The silkmoth is led by pheromones to drive the vehicle to the target.

We thought we'd seen everything with driving dogs, but now silkmoths are muscling in. Maybe they don't know they're doing it, but researchers from the University of Tokyo have used the insects to steer tiny cars. The new research builds on previous research conducted by the team in 2013, and was published last month in the JoVE Video Journal.

The methodology taps into how moths sense the world around them: the sensitive scent receptors on their antennae. The researchers placed a target scented with female silkworm moth pheromones, then observed the tethered male moths driving the car toward that target.

How does a moth drive a car with no hands? With an air-supported trackball, much like a mouse trackball. As the moth crawls around on the ball toward the scented target, optical sensors track the ball's movement and translate that into steering, moving the car in the same direction.

In seven trials with seven different drivers, the moths consistently drove toward the target, although they arrived a little more slowly than moths that walked to the target on their own feet, an average of two seconds.

What's the point?

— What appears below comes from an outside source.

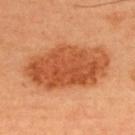Clinical summary:
An algorithmic analysis of the crop reported roughly 13 lightness units darker than nearby skin and a normalized border contrast of about 9. The analysis additionally found a classifier nevus-likeness of about 100/100 and a detector confidence of about 100 out of 100 that the crop contains a lesion. A roughly 15 mm field-of-view crop from a total-body skin photograph. The patient is a male aged approximately 35. From the upper back. The recorded lesion diameter is about 10 mm. The tile uses cross-polarized illumination.

A scent-detecting robot could be employed in a variety of tasks, such as the detection of drugs or explosives, or even disaster victims. Currently, we rely on dogs for such tasks, but a robot controlled by an insect provides a prototype for a system based on insect behaviour.

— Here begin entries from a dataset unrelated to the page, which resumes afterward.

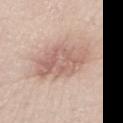Recorded during total-body skin imaging; not selected for excision or biopsy.
This image is a 15 mm lesion crop taken from a total-body photograph.
Measured at roughly 7.5 mm in maximum diameter.
From the leg.
The patient is a male roughly 80 years of age.
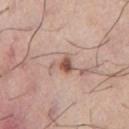No biopsy was performed on this lesion — it was imaged during a full skin examination and was not determined to be concerning. Approximately 3 mm at its widest. The tile uses white-light illumination. A close-up tile cropped from a whole-body skin photograph, about 15 mm across. The lesion is located on the chest. A male patient, aged approximately 75.
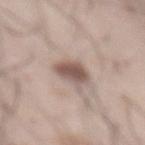biopsy status=catalogued during a skin exam; not biopsied | lesion size=≈3.5 mm | site=the abdomen | image=total-body-photography crop, ~15 mm field of view | patient=male, aged around 55.
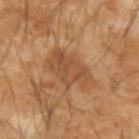Clinical impression:
Imaged during a routine full-body skin examination; the lesion was not biopsied and no histopathology is available.
Background:
Longest diameter approximately 6 mm. A male patient in their mid-50s. On the left forearm. A roughly 15 mm field-of-view crop from a total-body skin photograph.
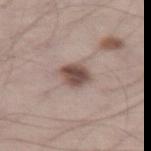| field | value |
|---|---|
| workup | imaged on a skin check; not biopsied |
| lighting | white-light illumination |
| diameter | about 3 mm |
| imaging modality | 15 mm crop, total-body photography |
| body site | the left thigh |
| automated metrics | a border-irregularity rating of about 1.5/10, a color-variation rating of about 4/10, and peripheral color asymmetry of about 1.5; an automated nevus-likeness rating near 85 out of 100 and lesion-presence confidence of about 100/100 |
| patient | male, aged 68 to 72 |
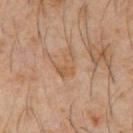biopsy status=no biopsy performed (imaged during a skin exam)
lighting=cross-polarized
size=about 3 mm
automated metrics=a footprint of about 4 mm² and a shape eccentricity near 0.75; a border-irregularity rating of about 6.5/10 and radial color variation of about 0.5; a nevus-likeness score of about 0/100 and a lesion-detection confidence of about 100/100
image=~15 mm crop, total-body skin-cancer survey
patient=male, aged around 60
site=the chest

"The insect-controlled robot has two major directions for future applications. The first direction is for engineering. As an autonomous robot controlled by the insect sensory-motor system, the insect-controlled robot will be a reference for mobile robots implemented with biological models," the study reads.

"The other major direction is definitely for biology. The insect-controlled robot can be regarded as a closed-loop experimental platform. In addition, robotic manipulation, a non-invasive way to alter the insect's sensory-motor relationship, will be further applied to investigate how the small insect brain can respond, learn, and adapt to new circumstances."